If the vehicle is spinning at a constant angular velocity that is small in comparison with the wheel’s, one can approximate the torque experienced by the wheel as follows:

$${ {M}^{\mathrm{w}}}_{ x} \simeq({J}_{zz} - {J}_{xx})\left (n{\Omega }_{y} + n{\omega }_{\mathrm{o}}\right )$$
(2.154)
$${ {M}^{\mathrm{w}}}_{ y} \simeq({J}_{xx} - {J}_{zz})\left (n{\Omega }_{x} + n{\omega }_{\mathrm{i}}\right )$$
(2.155)
$${ {M}^{\mathrm{w}}}_{ z} \simeq0.$$
(2.156)

By having springs and dampers at the two gimbal locations, the torque components M w x , M w y , and gimbal rates, ωi, ωo, can be made to produce respective angular displacements, that can be measured and calibrated in a manner similar to the single-axis rate gyro. Thus, the vehicle’s spin rates, Ω x , Ω y , are obtained from (2.133) and (2.134). However, the third angular velocity component, Ω z , along the wheel axis cannot be measured. By removing the gimbal restraining springs, the vehicle’s angular displacements (rather than the rates) can be measured in a manner similar to the rate-integrating gyro.

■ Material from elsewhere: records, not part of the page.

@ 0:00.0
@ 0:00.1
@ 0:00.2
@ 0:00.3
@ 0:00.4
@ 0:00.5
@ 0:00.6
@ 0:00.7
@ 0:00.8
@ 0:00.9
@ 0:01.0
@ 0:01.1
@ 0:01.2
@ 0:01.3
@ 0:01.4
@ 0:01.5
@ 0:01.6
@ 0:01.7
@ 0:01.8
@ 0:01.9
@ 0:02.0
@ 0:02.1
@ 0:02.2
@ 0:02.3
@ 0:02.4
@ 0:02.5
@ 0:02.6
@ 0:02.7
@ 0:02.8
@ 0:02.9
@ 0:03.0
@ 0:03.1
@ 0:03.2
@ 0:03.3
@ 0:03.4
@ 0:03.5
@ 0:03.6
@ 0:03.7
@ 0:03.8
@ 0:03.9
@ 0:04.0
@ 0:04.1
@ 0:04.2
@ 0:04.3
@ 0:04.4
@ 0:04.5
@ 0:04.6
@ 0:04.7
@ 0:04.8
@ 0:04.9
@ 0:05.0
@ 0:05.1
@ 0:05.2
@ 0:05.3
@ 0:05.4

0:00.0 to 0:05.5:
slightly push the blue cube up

A vertical gyro is a special two-degree of freedom gyro mounted in such a way that its spin axis is always vertical. Consequently, it can measure pitch and roll angular displacements (or rates) of the vehicle (but not yaw). Such a gyro is also called an artificial horizon in aircraft flight displays and provides a basic reference for maintaining a wings-level (unbanked), horizontal attitude. The Sperry autopilot of 1909 was based on a vertical gyro, and was tasked principally with maintaining a wings-level attitude during cruise of the early aircraft. Its utility was demonstrated in the long-distance flights by many aviation pioneers, often in bad weather, or at night (such as the solo, transatlantic flight undertaken by Lindbergh in 1927).

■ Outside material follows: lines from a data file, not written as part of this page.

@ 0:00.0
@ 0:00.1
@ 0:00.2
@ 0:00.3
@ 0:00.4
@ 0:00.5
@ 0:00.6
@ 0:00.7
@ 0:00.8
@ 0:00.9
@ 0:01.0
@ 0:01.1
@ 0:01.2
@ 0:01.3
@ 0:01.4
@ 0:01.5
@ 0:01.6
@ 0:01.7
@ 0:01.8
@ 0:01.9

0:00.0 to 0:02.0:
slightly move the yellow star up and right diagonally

The vertical gyro output voltages can be amplified, and used to directly drive electric motors on mutually perpendicular axes, for either moving the control surfaces or tilting a rocket nozzle for thrust deflection. Therefore, a vertical gyro can perform the important role of a two-axis attitude controller. Examples of the first such gyroscopic flight control systems were the unmanned V-1 “flying bomb” and the V-2 rocket of the 1930s and 40s, and have continued to be useful in the present age in the form of inertial navigation systems for airliners, unmanned aircraft, long-range missiles, and spacecraft.

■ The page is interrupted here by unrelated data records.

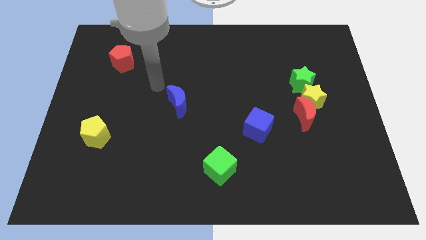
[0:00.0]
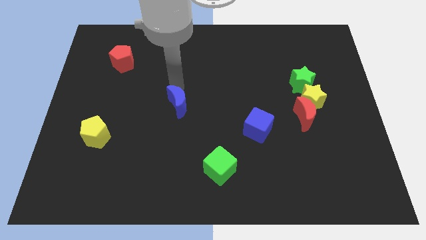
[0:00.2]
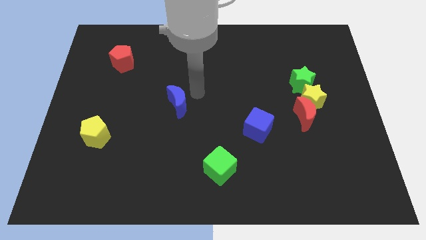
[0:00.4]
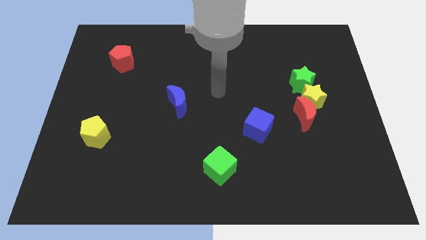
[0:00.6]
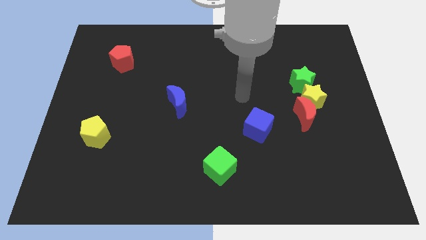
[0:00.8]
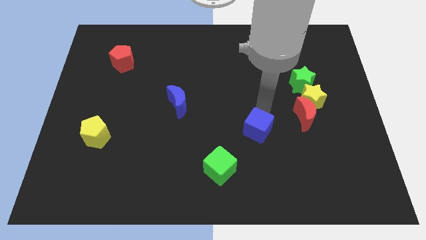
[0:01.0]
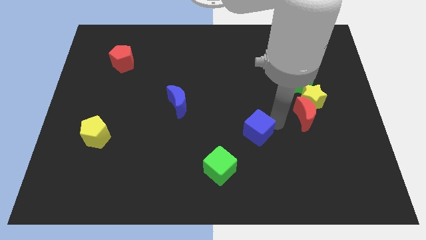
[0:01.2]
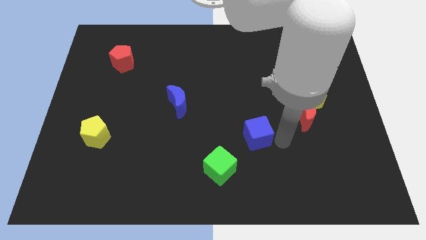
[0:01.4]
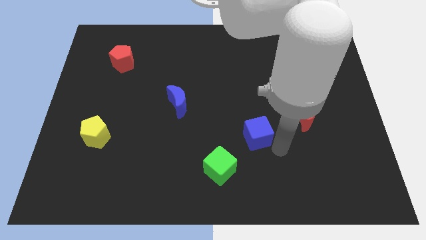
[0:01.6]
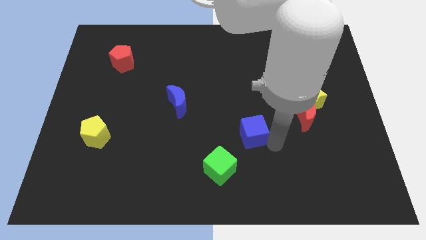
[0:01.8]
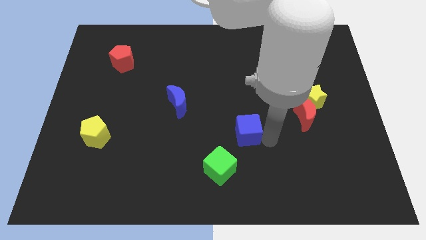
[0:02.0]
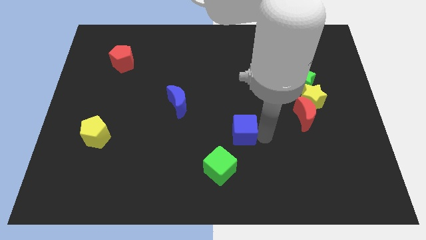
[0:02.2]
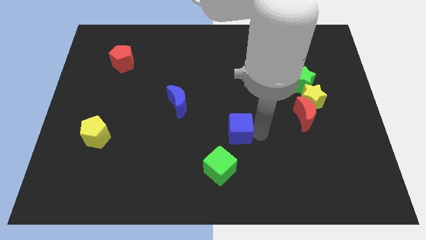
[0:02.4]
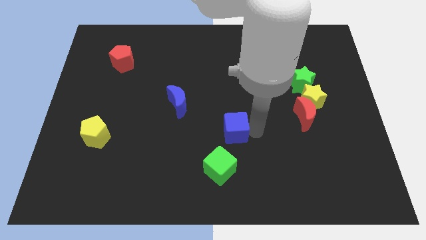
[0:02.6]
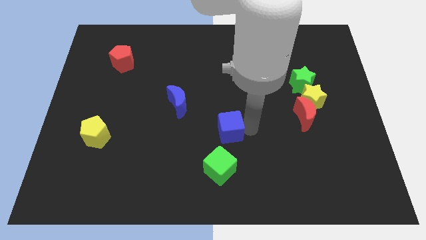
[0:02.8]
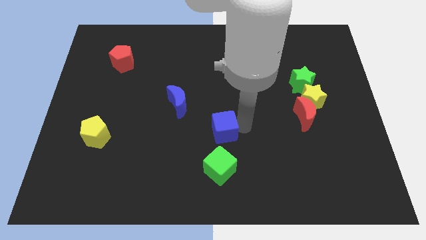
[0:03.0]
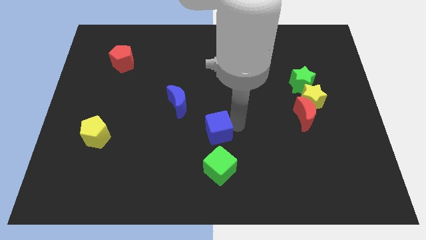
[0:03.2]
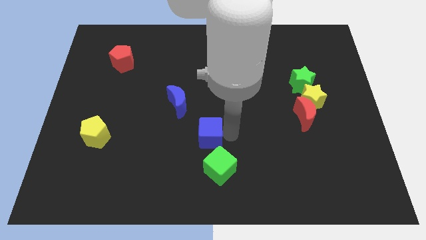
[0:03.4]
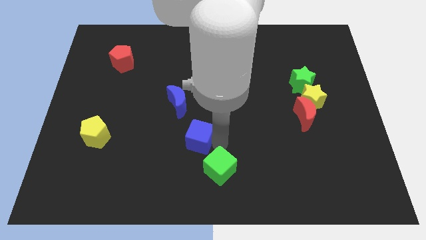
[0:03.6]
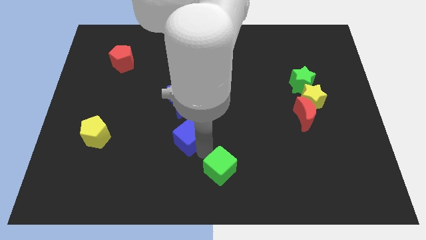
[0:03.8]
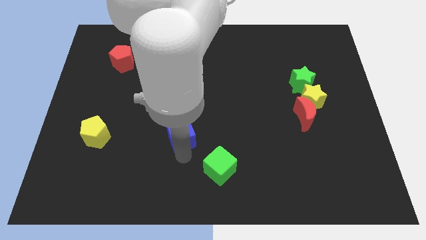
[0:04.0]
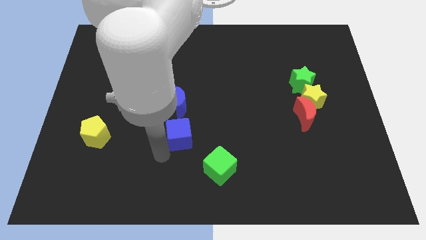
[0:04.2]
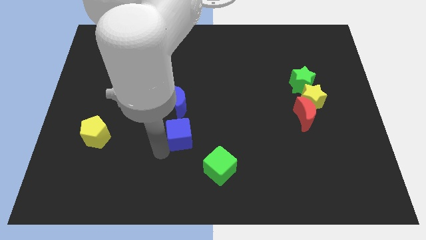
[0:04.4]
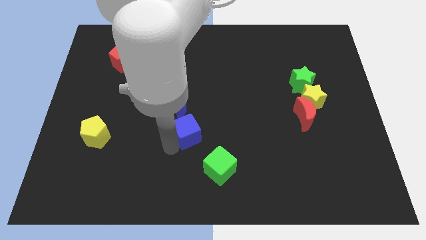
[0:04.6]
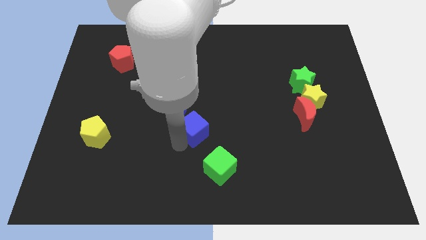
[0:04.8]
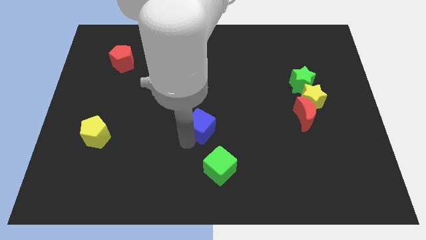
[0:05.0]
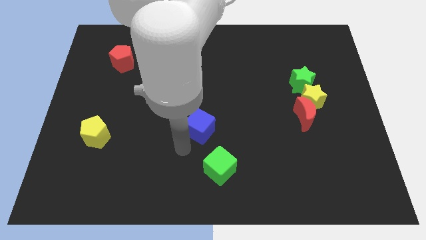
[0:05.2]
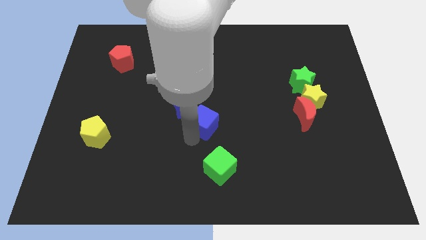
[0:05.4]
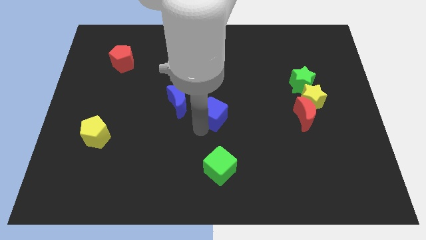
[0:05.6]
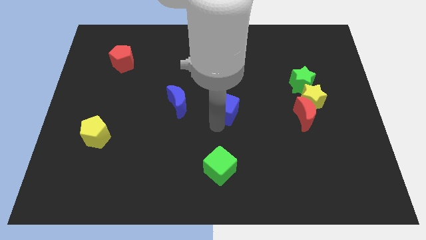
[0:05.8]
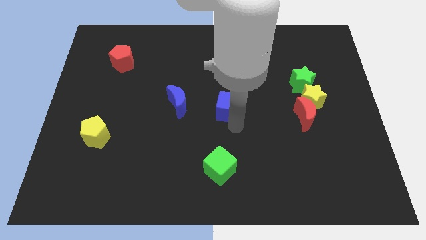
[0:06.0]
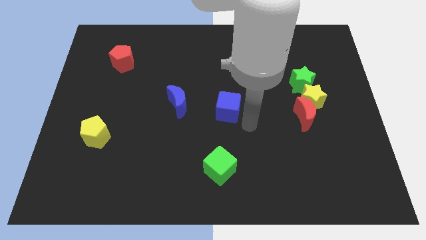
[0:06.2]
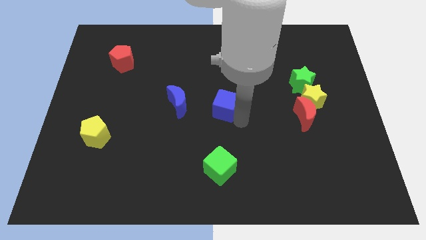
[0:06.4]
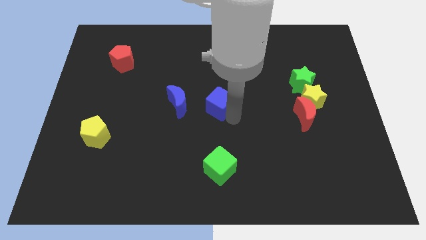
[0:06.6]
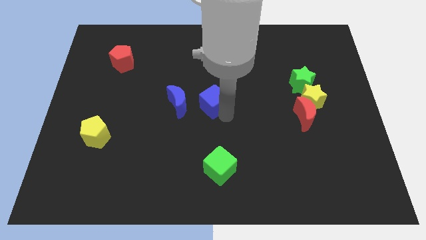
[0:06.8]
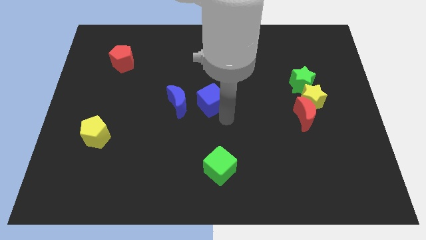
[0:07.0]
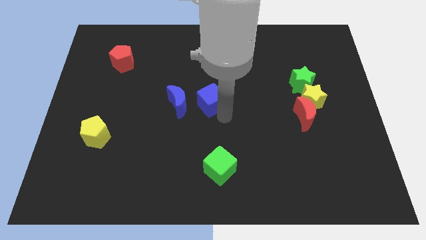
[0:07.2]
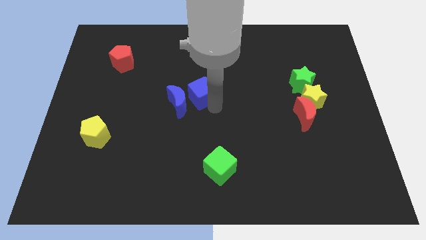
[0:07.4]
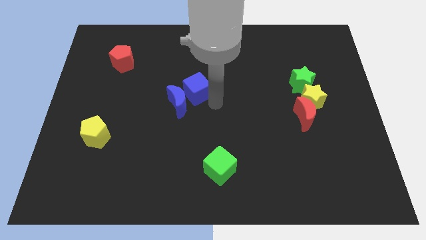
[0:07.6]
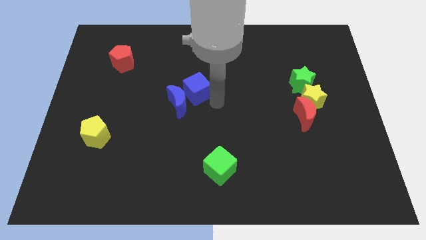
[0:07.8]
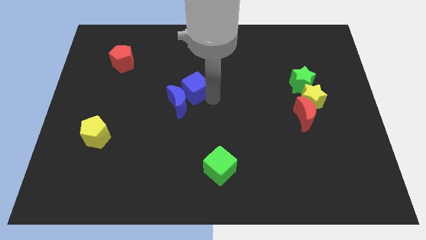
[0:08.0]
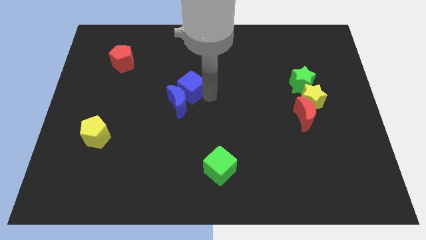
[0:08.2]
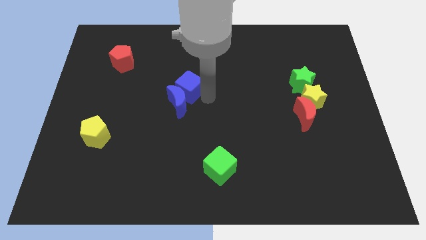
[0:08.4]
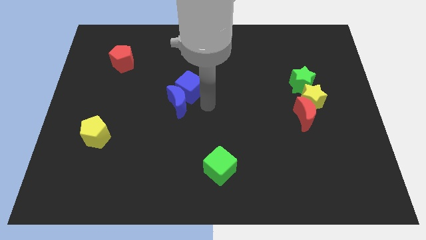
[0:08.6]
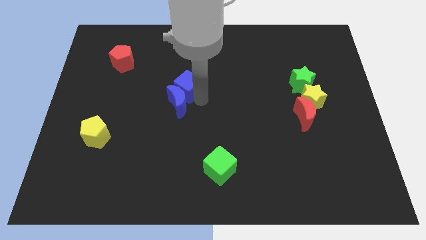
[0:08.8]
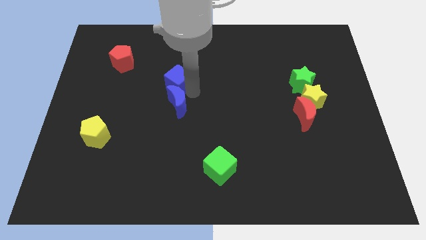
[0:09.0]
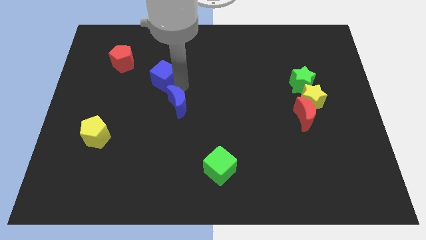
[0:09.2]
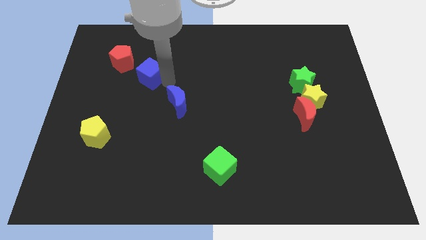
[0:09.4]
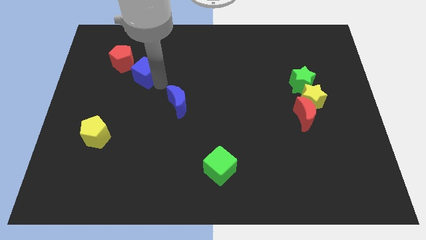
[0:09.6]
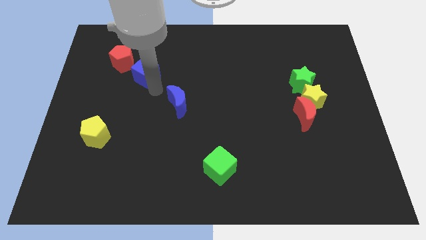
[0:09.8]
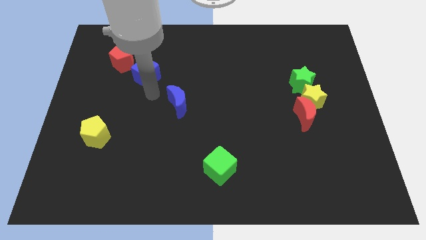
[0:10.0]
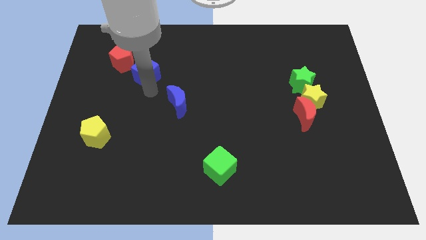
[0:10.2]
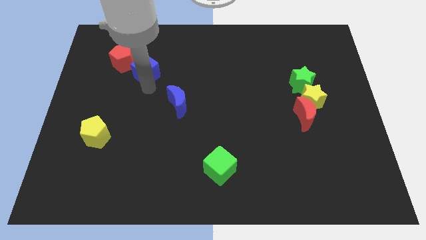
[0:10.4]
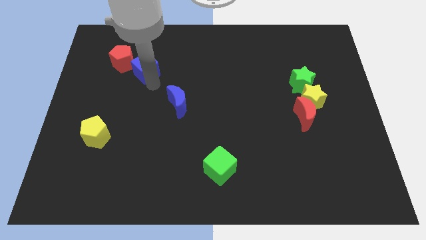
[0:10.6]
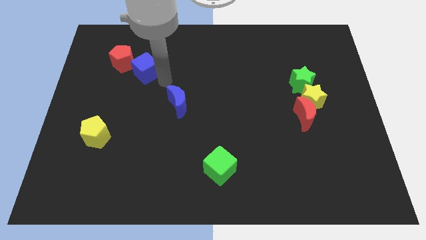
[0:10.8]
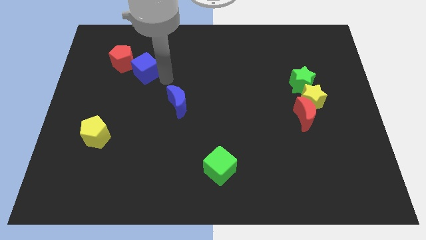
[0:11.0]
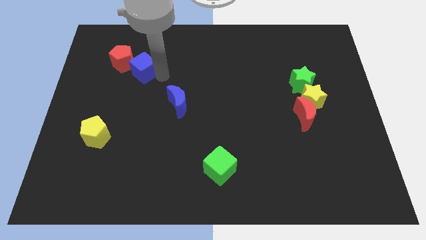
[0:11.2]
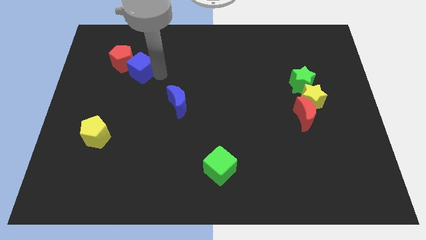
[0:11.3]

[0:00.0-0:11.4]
push the blue cube towards the red pentagon

2.8.2 Inertial Measurement Units

Inertial measurement units (IMU) are a set of gyros and accelerometers that produce motion variables as outputs. Traditionally, the IMU consists of a fully gimbaled gyro platform on which the motion sensors are mounted. It contains three gimbal axes, the inner gimbal, ox, the middle gimbal, oy, and the outer gimbal, oz, which are typically aligned with the vehicle’s roll, pitch, and yaw axes, as shown in Fig. 2.17. Each gimbal is driven by a servomotor for keeping the gyro platform fixed in inertial space eventhough the vehicle may have simultaneous rotations about all principal axes. The angle encoders mounted on the gimbal axes provide a feedback to the servos. Such a platform is said to be three-axis stabilized, much like a spacecraft (Chap. 7). The accelerometers and rate gyros mounted on the platform generate the angular rates and displacements by integration  [3]. The angular displacements can also be obtained from the gimbal axes encoders by measuring the roll, pitch, and yaw inclinations of the vehicle relative to the platform.

Fig. 2.17
figure 17

Fully gimbaled, gyro stabilized platform of an inertial measurement unit (IMU)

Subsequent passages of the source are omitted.